その間に、とりあえずアドルファスに躾を頑張ってもらい、スカーが使い物にならなそうであれば、自分達が出て行って『影の魔王』を片付ける算段になっている。
「さて……そろそろ頃合いですかね」
一通り殲滅し終えたことを確認して地上に降り立つ、そこには顔を引きつらせながらも必死で笑顔を浮かべようとする騎士達が待っていた。
「さ……さすがは聖人様ですね、大変見事な魔法を見せていただきました……」
「いえ、これくらいどうということはありませんよ」
笑顔を浮かべてエドワードがいつも通りの丁寧な口調で答えたあと、すぐに表情を変え騎士達へ真顔で問いかける。
「それで、状況はいかがですか?」
「はっ!国境付近に集結していた魔物の軍勢はすでに壊滅しました!そこに居たのは魔物だけで人間の姿は見当たりません!」
報告を聞いて一瞬考え込んだ後、エドワードはすぐに結論を出す。
「では砦の方へ引き上げましょう。みなさんもゆっくり体を休めて次の侵攻にそなえてくださいね」
そう言って踵を返し、エドワードは騎士団と共にその場を後にした。
◆◇◆
……バーガ王国の王宮の一室では、『落ち人』である日本人ユイカがこの世界にきてからの自分自身事を振り返っていた。
「まさか私がマンガの世界に来るなんて思ってなかったなぁ……ビックリだわー。でもなんかこの世界おかしいのよね……私みたいな日本人が落ちてくるなんて話なかったし……聖女召喚で呼ばれるはずのミリアは、なんかこないしどうなってるんだろ……」
独り言を言いながら考える。
そもそもなぜ彼女がマンガと同じ世界に来たのか?
その理由は、彼女自身もよくわかっていない。
気がついたらこの世界で目を覚まし、保護してくれた王宮で色んな人に話を聞くうちにマンガの世界であることに気が付いた。

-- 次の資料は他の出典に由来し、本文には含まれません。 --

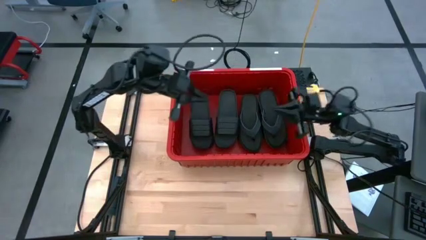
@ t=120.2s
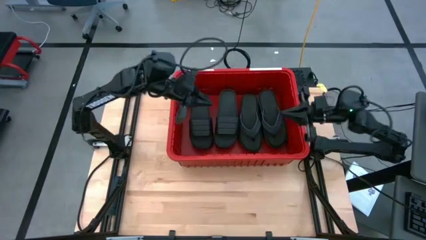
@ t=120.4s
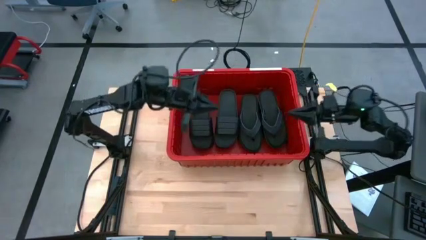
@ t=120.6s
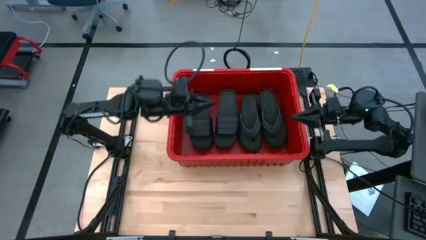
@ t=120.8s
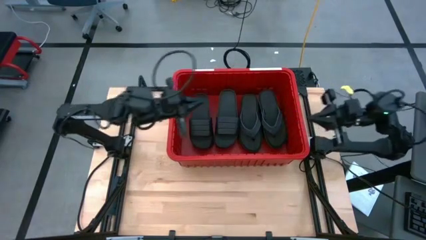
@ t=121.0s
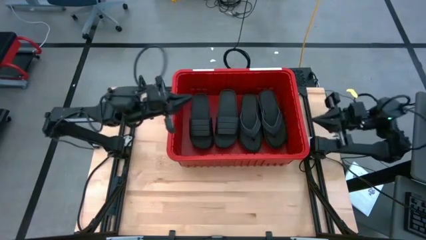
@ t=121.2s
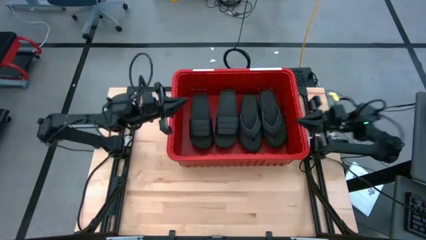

そしてちょうど時間的にそろそろ勇者と聖女の物語が始まるところだったのだ。
せっかくだからと、彼女はその物語を楽しむためだけに行動を開始した。
まず最初にしたのは勇者になるスカーへの接触である。
彼に気に入られておけば、間近で物語を楽しめると思ったからだ。
「最近なんかお城の人達もよそよそしくなっちゃったし、スカー様もどっかいっちゃったらしいのよねぇ……当て馬になるはずの騎士団長も辺境にいってるらしいし……どういうことなのかなぁ……」
そんな事を呟いていると、コンコンと扉がノックされる音がする。
1人になりたくて、お世話してくれている人に下がってもらっていた為、自分で対応しようと声をかける。
「はい、どうぞー?」
「失礼いたします、ユイカ様へ聖人エドワード様が、突然で申し訳ないが都合が宜しければ、本日面会したいのでお時間をいただけないだろうかと。いかがいたしましょうか?」
「聖人様? ……あーあの召喚陣から出てきた人……。 はい!分かりましたー。今すぐで大丈夫なので、応接室でお会いしますとお伝えください」
「……かしこまりました」
ユイカの返事を聞いたメイドは、この礼儀のなっていないご令嬢を聖人様の前に出して大丈夫なのだろうか、と内心思いながらも一礼して部屋を出て行った。
そんな風に思われていることなど、一切気づかないユイカは
「あの人なんか日本にも詳しそうだし色々話が聞けたらいいなぁ……」
などとノンキに思いながらユイカはエドワードの待つ応接室へとむかうのだった。